# If You Can Read This You Have A Strange Mind Too



## Guest (May 8, 2009)

> > Only
> > great minds
> > can read this
> >
> > This is weird, but interesting!
> >
> >
> > fi yuo cna raed tihs, yuo hvae a sgtrane mnid too
> >
> > Cna yuo raed tihs? Olny 55 plepoe out of 100 can.
> >
> > i cdnuolt blveiee taht I cluod aulaclty uesdnatnrd waht I was
> > rdanieg. The phaonmneal pweor of the hmuan mnid, aoccdrnig to a
> > rscheearch at Cmabrigde Uinervtisy, it dseno't mtaetr in waht oerdr
> > the ltteres in a wrod are, the olny iproamtnt tihng is taht the frsit
> > and lsat ltteer be in the rghit pclae The rset can be a taotl mses
> > and you can sitll raed it whotuit a pboerlm. Tihs is bcuseae the
> > huamn mnid deos not raed ervey lteter by istlef, but the wrod as a
> > wlohe. Azanmig huh? Yaeh and I awlyas tghuhot slpeling was ipmorantt!

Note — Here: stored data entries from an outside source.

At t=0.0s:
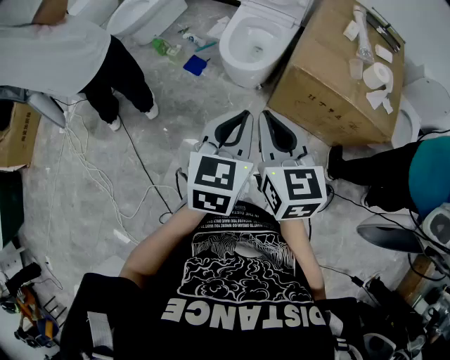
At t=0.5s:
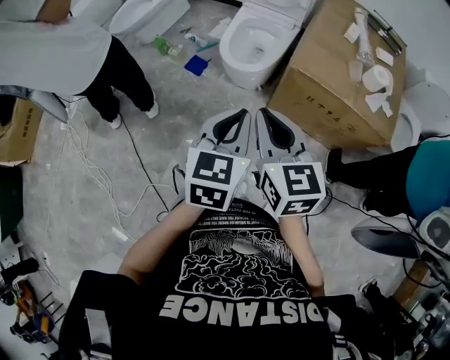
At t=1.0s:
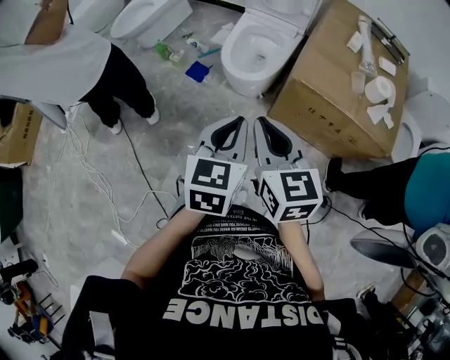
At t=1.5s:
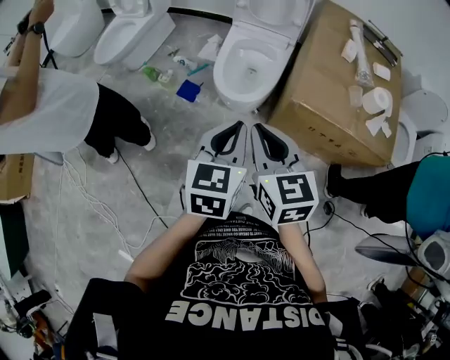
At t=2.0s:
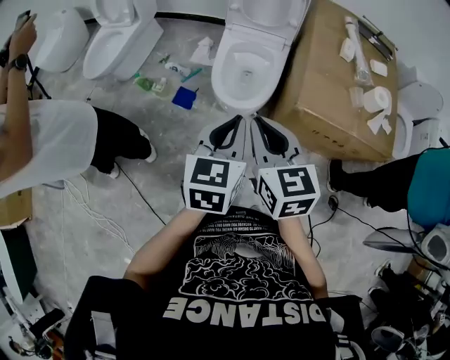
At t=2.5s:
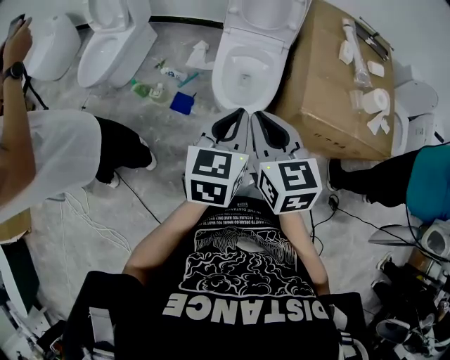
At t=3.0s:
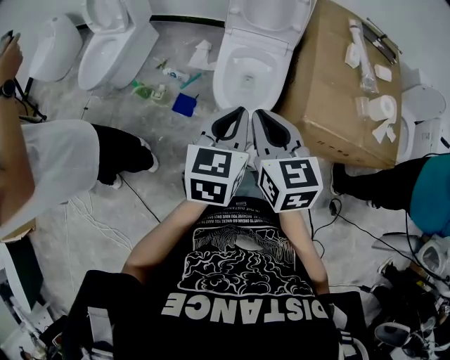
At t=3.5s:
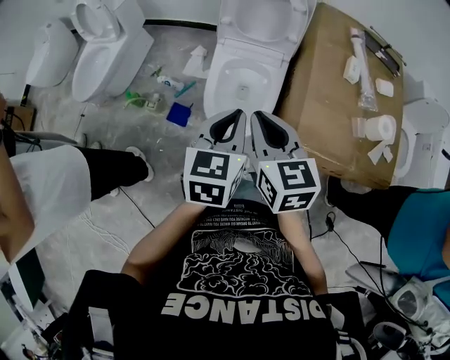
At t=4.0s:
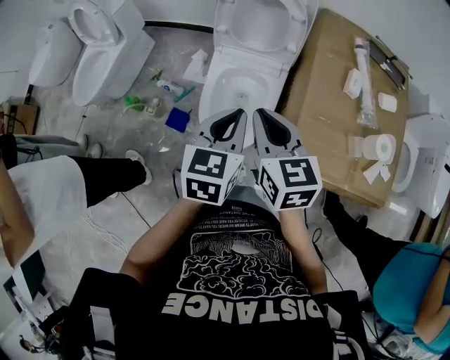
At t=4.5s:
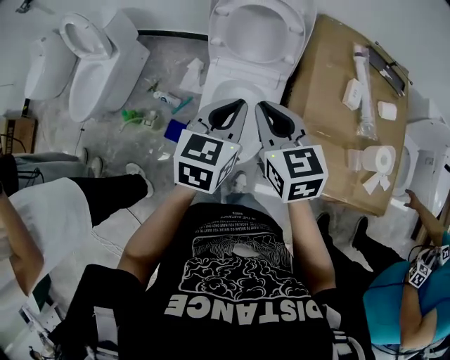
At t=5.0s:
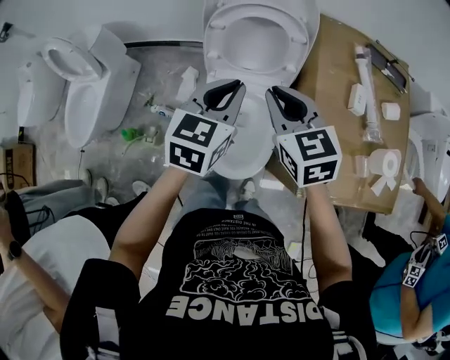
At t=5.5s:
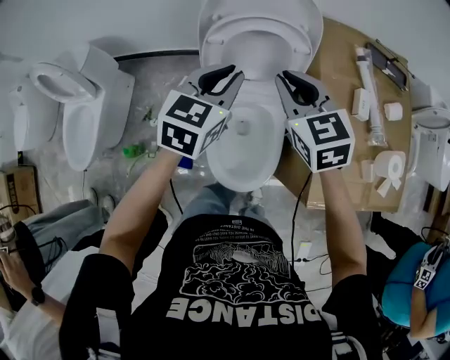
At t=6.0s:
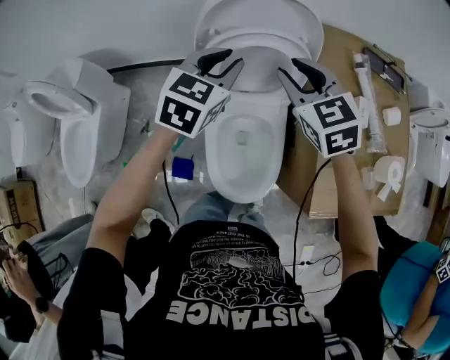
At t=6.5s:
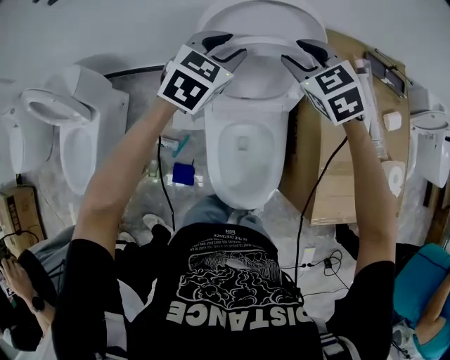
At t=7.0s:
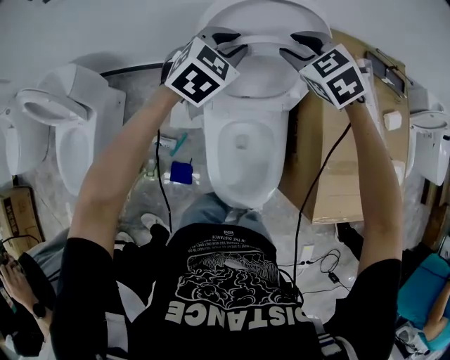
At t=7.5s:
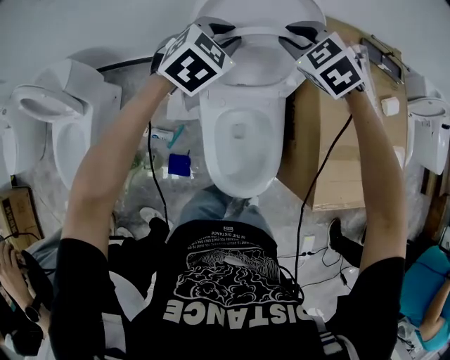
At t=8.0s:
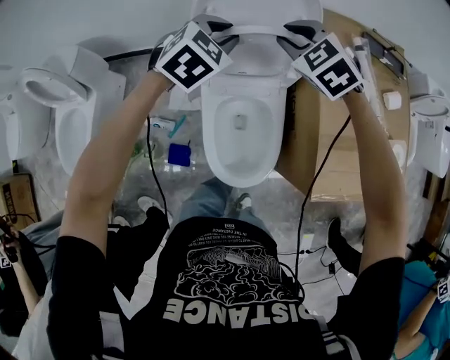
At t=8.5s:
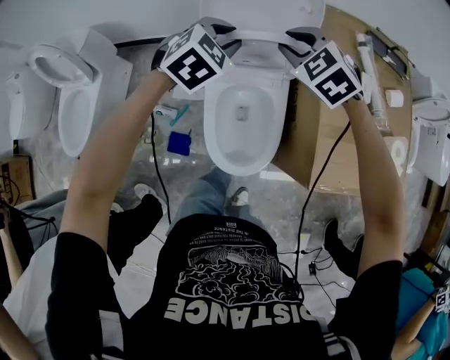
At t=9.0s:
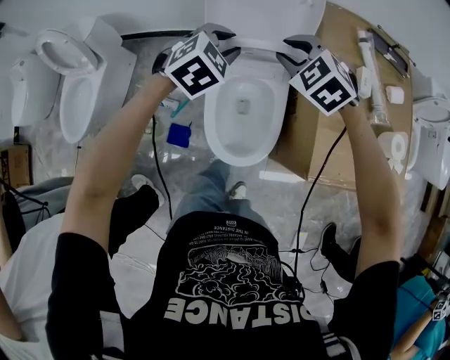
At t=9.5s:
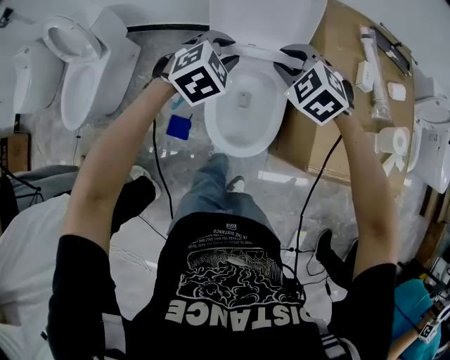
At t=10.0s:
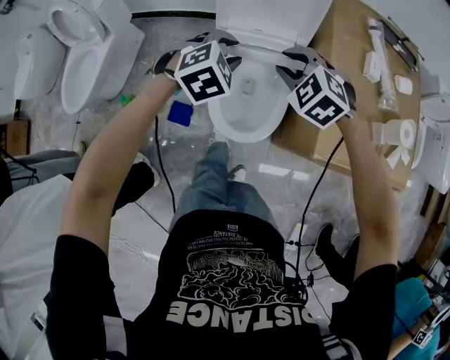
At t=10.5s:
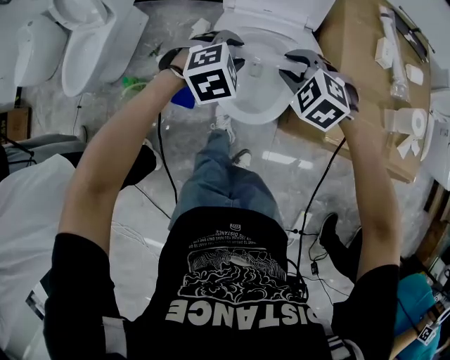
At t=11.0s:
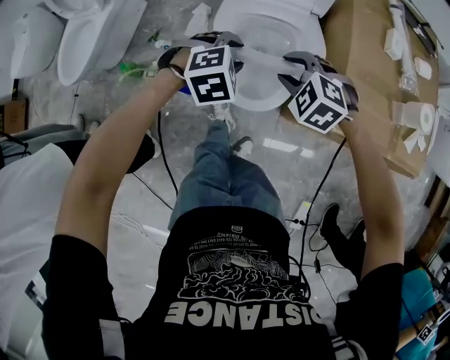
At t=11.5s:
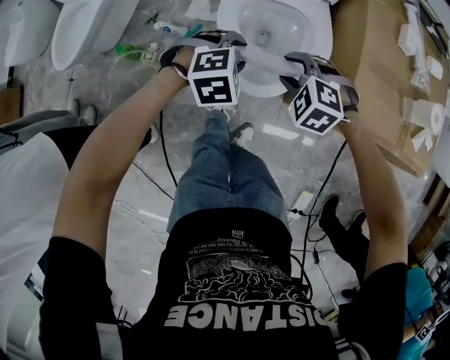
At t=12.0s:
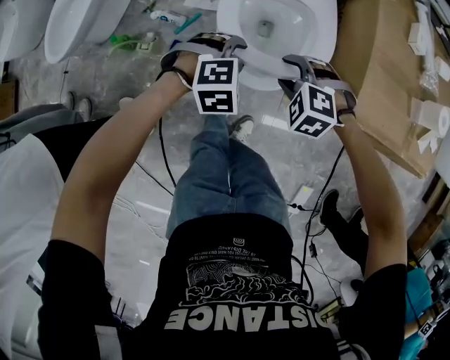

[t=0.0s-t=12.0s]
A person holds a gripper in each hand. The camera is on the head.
t=0.0s to t=2.0s: The two grippers go some 20 cm forward.
t=2.0s to t=4.0s: The two grippers go roughly 25 cm forward.
t=4.0s to t=6.0s: Both grippers move forward, some 35 cm. The right gripper swivels about 20 degrees, and opens up; the left gripper changes its angle by about 30 degrees.
t=6.0s to t=8.0s: The right gripper reaches roughly 10 cm forward, then returns, and rotates some 30 degrees, while the left gripper rotates about 30 degrees.
t=8.0s to t=10.0s: Both grippers move backward, approximately 25 cm.
t=10.0s to t=12.0s: The grippers both shift downward and backward by approximately 25 cm. The right gripper rotates roughly 20 degrees.

I have a strange mind apparently , I think my DH has known that for years . 

Kitn


----------



## Guest (May 8, 2009)

Pretty much anyone who speaks English natively (and can read) can read that.  The 55 out of 100 thing is BS  

*Bursts bubbles*


----------



## rupertspal42 (May 8, 2009)

so true dan.. *doing lil lad dance*


----------



## vivcarm (May 8, 2009)

Oh and here I was thinking I was strange! Well I know that anyway


----------



## Tabitha (May 8, 2009)

Since approx 22% of  adult American adults function at or below literacy level 1 (the lowest). 47 million American adults are functionally illiterate.
 I have no doubt 45% can't read scrambled words.


----------



## heyjude (May 8, 2009)

That is so weird. There were only two words which confused me.   Why is it that  I can read this, but am not able to speak pig latin?  :? 

Jude


----------



## Tabitha (May 8, 2009)

I had to read taotl  a couple of times before I got it  .


----------



## rupertspal42 (May 9, 2009)

heh it happens to the best of us


----------



## dagmar88 (May 9, 2009)

Hi,
I'm most definatly not a native speaker, my English is not good and I'm even worse at writing, as I have a mild form of dyslexia. Have to look up a lot of longer words, even in my own language. But... I could read that easily  Odd


----------



## rupertspal42 (May 9, 2009)

GO DAG!!    :wink:


----------



## Guest (May 9, 2009)

dagmar88 said:
			
		

> Hi,
> I'm most definatly not a native speaker, my English is not good and I'm even worse at writing, as I have a mild form of dyslexia. Have to look up a lot of longer words, even in my own language. But... I could read that easily  Odd



Good for you !! 
A few words made me go huh.

Kitn


----------